HOW TO COMPLETE THIS TASK
Since the copy must hold text only, transcribe the data below exactly and omit the images.

Records drawn from a dataset:

╔══

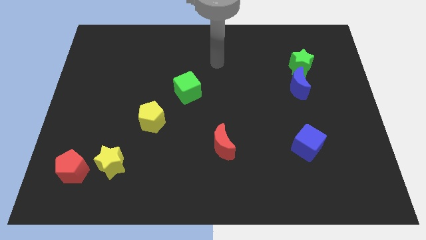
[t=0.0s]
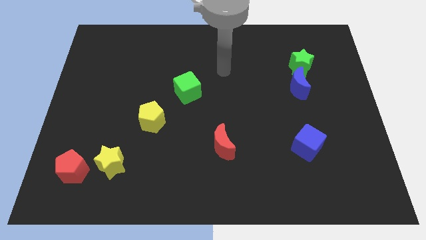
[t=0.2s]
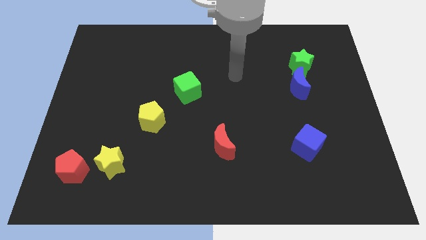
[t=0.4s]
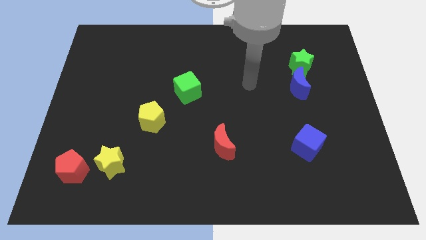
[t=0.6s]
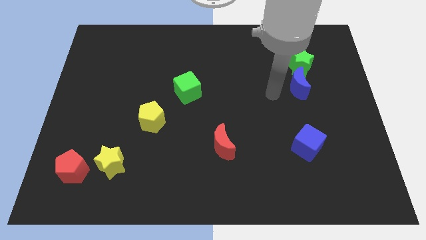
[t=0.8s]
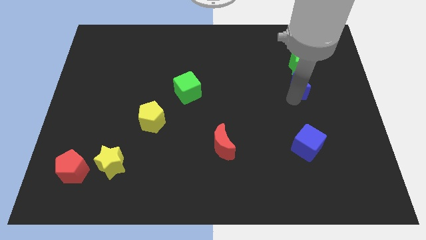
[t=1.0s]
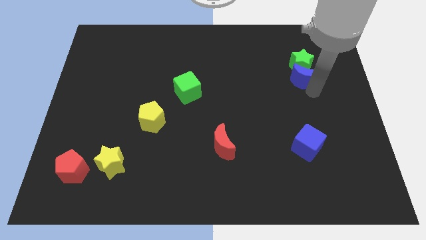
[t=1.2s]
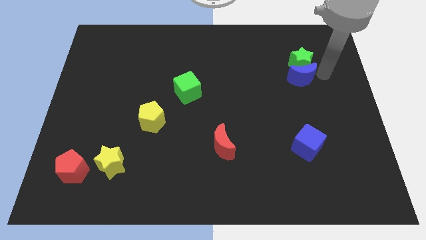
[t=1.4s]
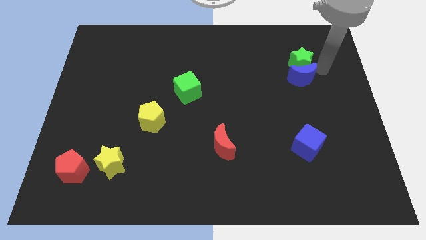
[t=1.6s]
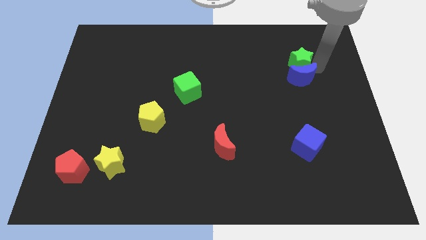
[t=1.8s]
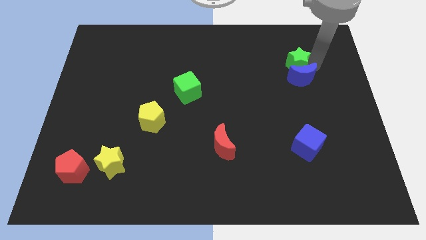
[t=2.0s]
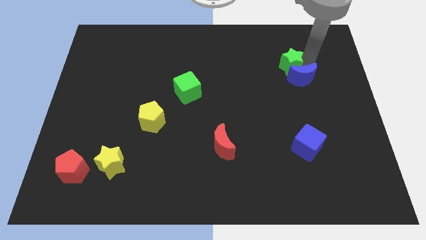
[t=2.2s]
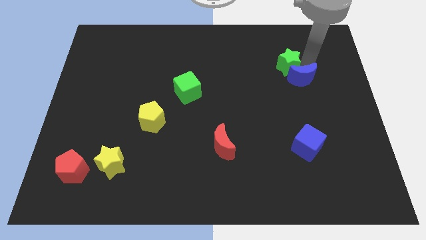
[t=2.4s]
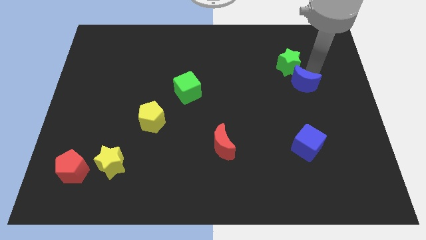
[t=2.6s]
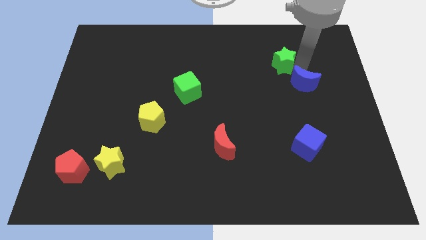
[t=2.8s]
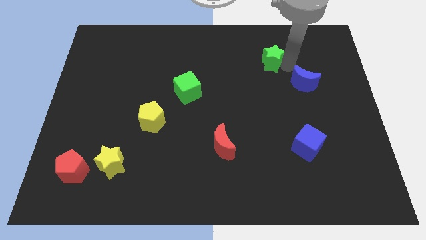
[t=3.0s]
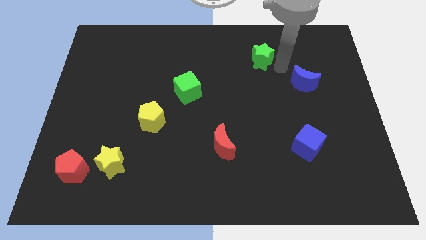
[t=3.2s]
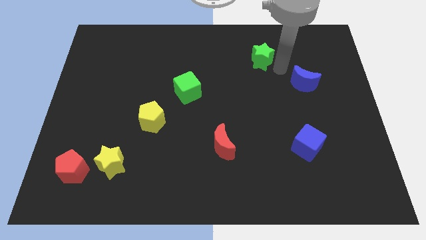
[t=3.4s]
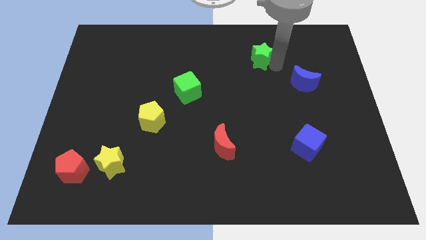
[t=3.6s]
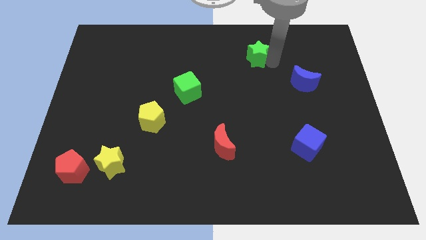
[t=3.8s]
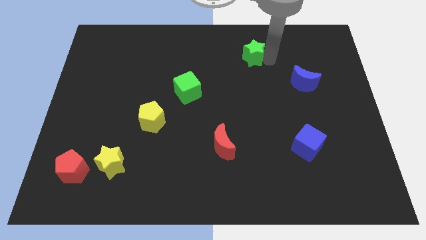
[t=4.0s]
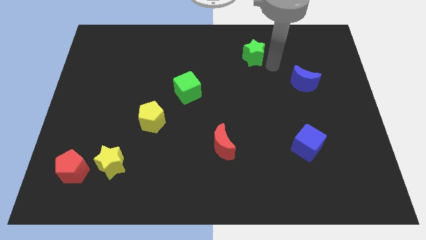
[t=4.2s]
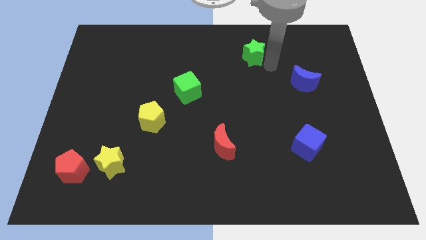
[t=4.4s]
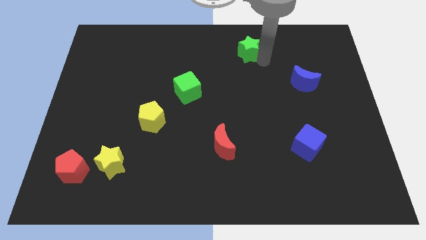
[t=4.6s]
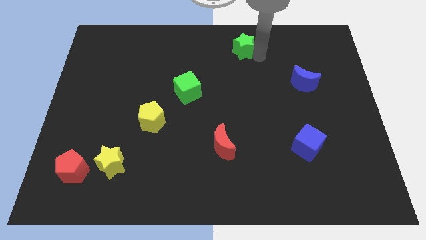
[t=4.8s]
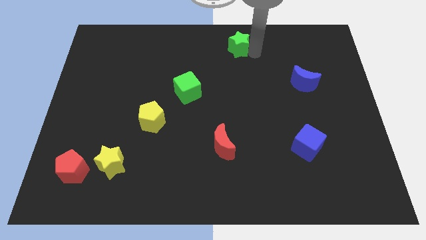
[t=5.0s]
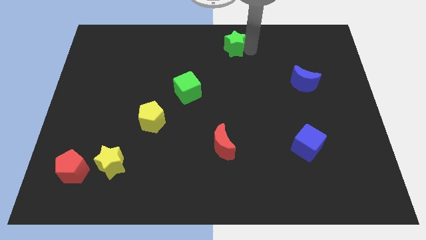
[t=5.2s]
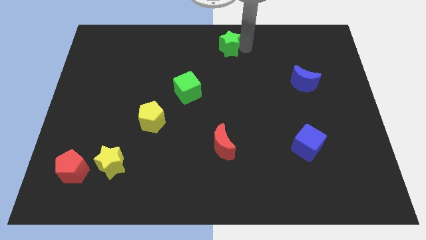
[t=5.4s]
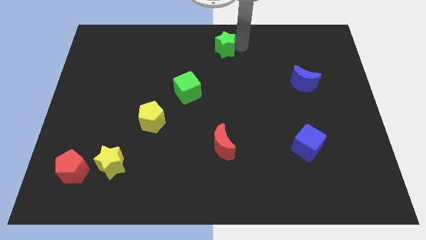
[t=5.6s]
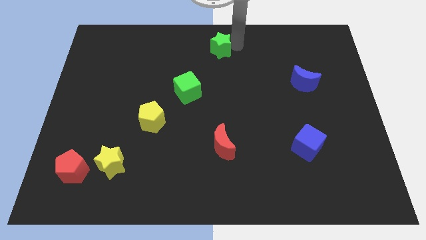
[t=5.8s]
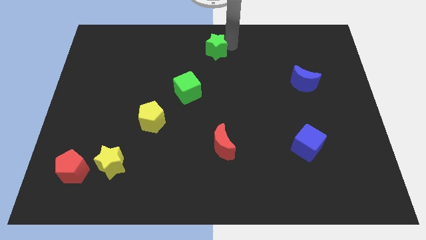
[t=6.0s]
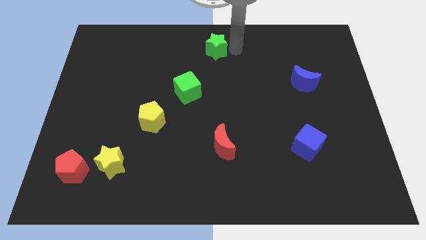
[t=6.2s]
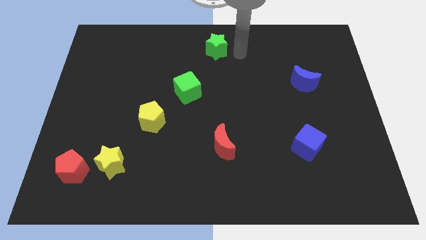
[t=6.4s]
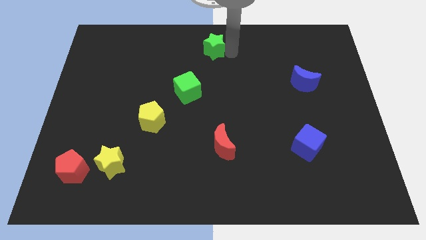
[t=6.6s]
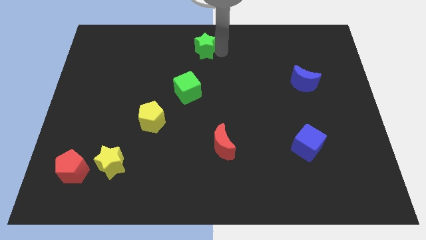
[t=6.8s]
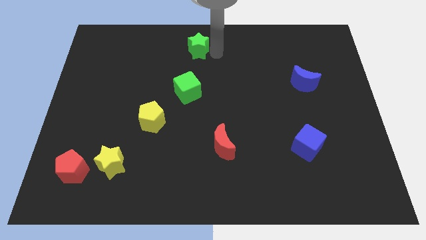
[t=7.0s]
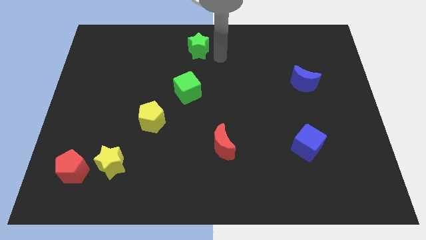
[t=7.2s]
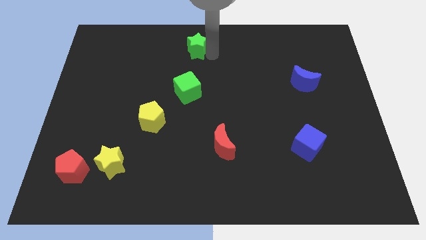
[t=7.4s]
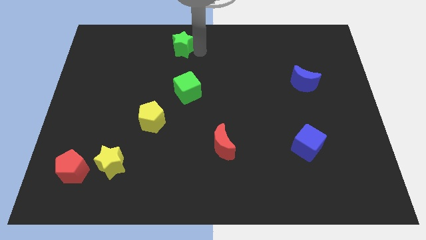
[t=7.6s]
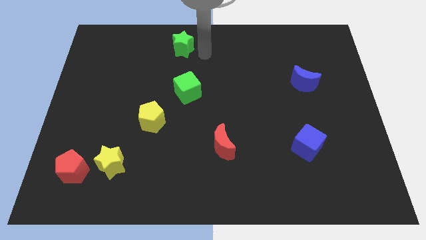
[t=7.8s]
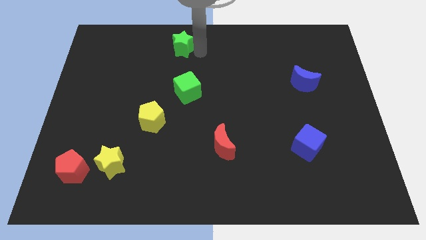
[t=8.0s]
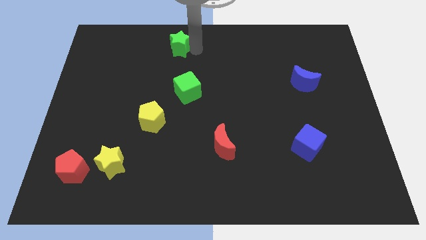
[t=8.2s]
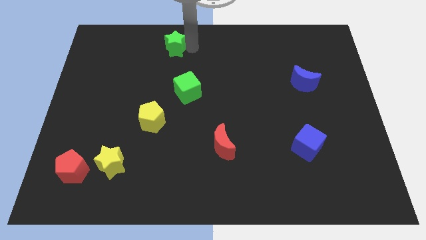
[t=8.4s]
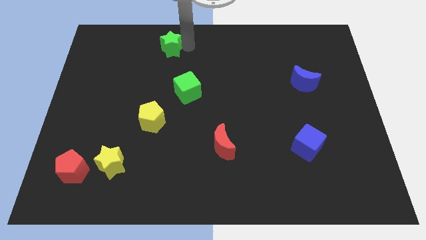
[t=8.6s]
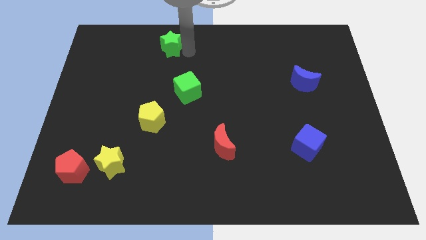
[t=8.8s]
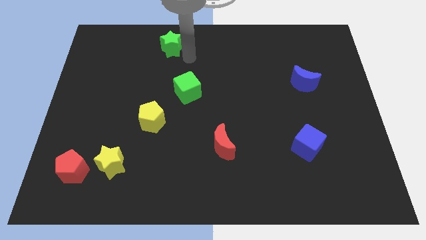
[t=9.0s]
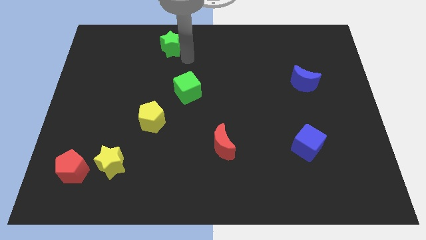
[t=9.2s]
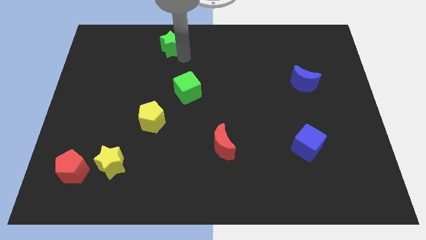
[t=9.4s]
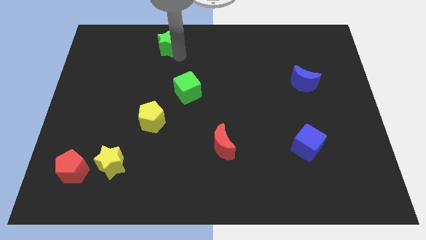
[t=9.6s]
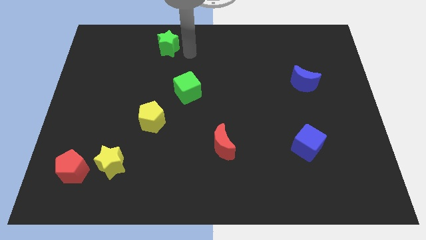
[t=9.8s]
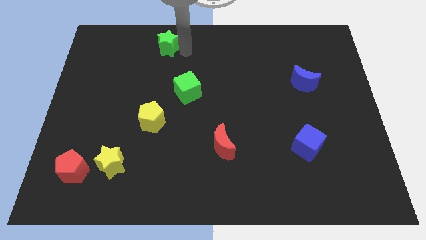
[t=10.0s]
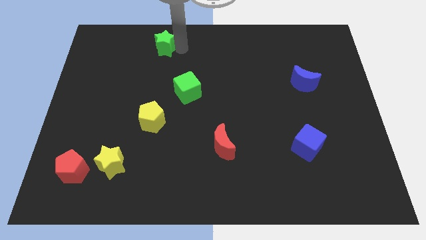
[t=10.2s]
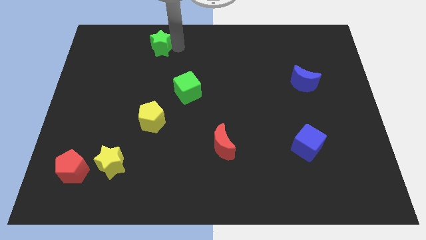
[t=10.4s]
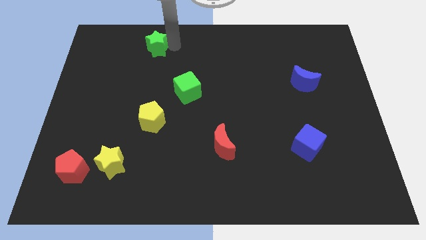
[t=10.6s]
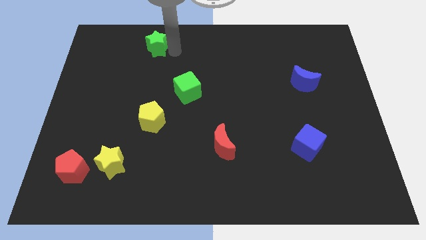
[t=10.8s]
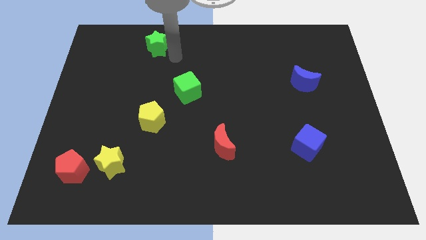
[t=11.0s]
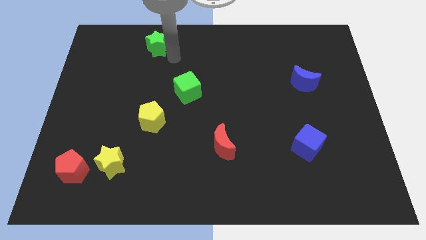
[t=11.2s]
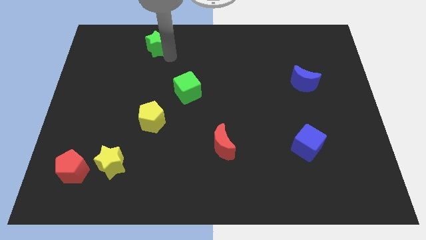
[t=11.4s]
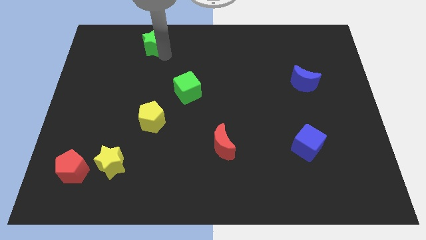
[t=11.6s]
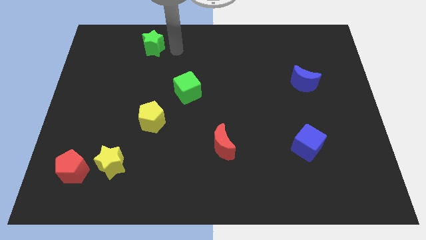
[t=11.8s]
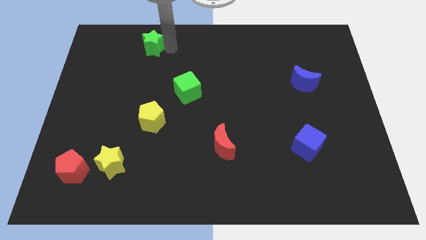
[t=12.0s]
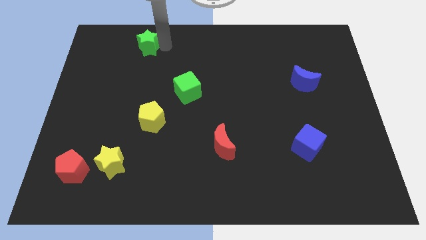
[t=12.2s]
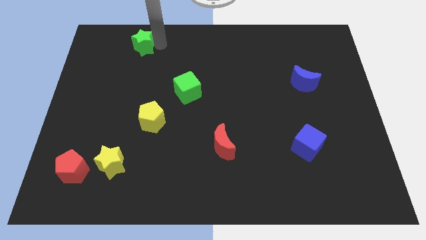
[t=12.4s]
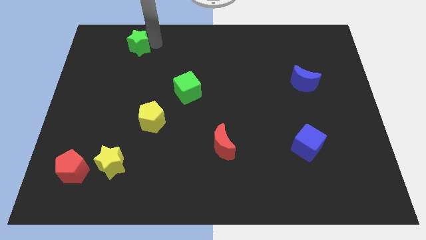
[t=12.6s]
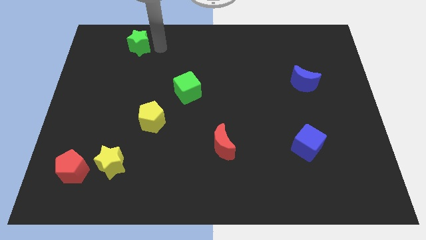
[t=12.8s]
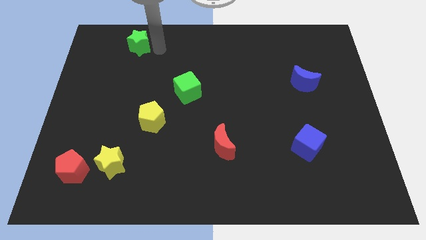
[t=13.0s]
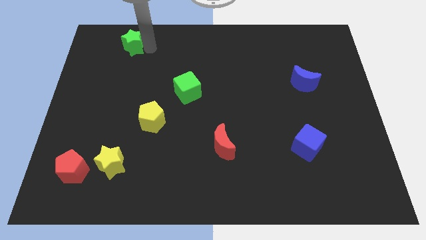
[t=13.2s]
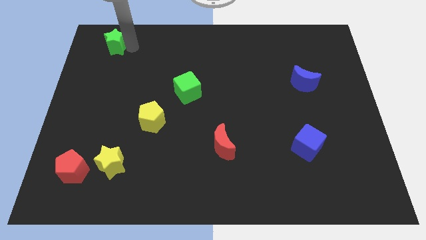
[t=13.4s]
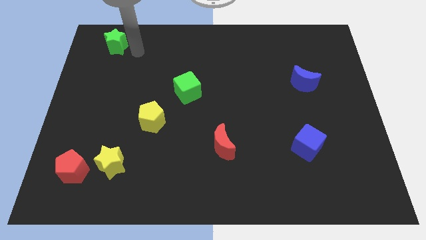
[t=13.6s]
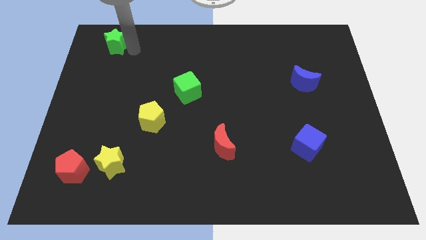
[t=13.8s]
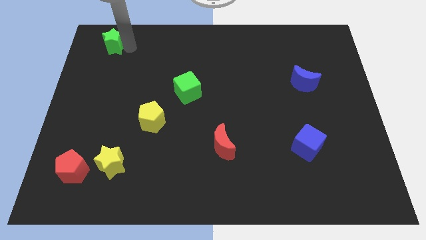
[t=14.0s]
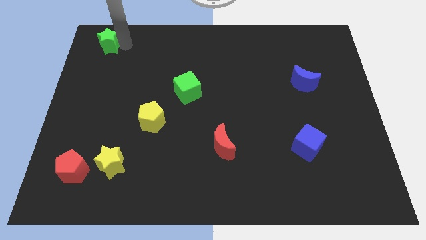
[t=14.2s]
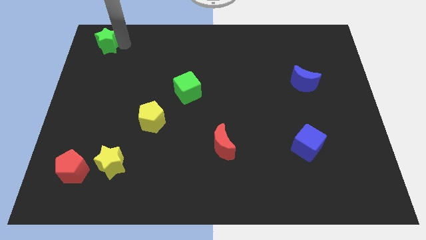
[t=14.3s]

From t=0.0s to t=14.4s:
push the green star to the upper left corner

╚══

OUTPUT FOR THIS TASK
[t=0.0s]
[t=0.2s]
[t=0.4s]
[t=0.6s]
[t=0.8s]
[t=1.0s]
[t=1.2s]
[t=1.4s]
[t=1.6s]
[t=1.8s]
[t=2.0s]
[t=2.2s]
[t=2.4s]
[t=2.6s]
[t=2.8s]
[t=3.0s]
[t=3.2s]
[t=3.4s]
[t=3.6s]
[t=3.8s]
[t=4.0s]
[t=4.2s]
[t=4.4s]
[t=4.6s]
[t=4.8s]
[t=5.0s]
[t=5.2s]
[t=5.4s]
[t=5.6s]
[t=5.8s]
[t=6.0s]
[t=6.2s]
[t=6.4s]
[t=6.6s]
[t=6.8s]
[t=7.0s]
[t=7.2s]
[t=7.4s]
[t=7.6s]
[t=7.8s]
[t=8.0s]
[t=8.2s]
[t=8.4s]
[t=8.6s]
[t=8.8s]
[t=9.0s]
[t=9.2s]
[t=9.4s]
[t=9.6s]
[t=9.8s]
[t=10.0s]
[t=10.2s]
[t=10.4s]
[t=10.6s]
[t=10.8s]
[t=11.0s]
[t=11.2s]
[t=11.4s]
[t=11.6s]
[t=11.8s]
[t=12.0s]
[t=12.2s]
[t=12.4s]
[t=12.6s]
[t=12.8s]
[t=13.0s]
[t=13.2s]
[t=13.4s]
[t=13.6s]
[t=13.8s]
[t=14.0s]
[t=14.2s]
[t=14.3s]

From t=0.0s to t=14.4s:
push the green star to the upper left corner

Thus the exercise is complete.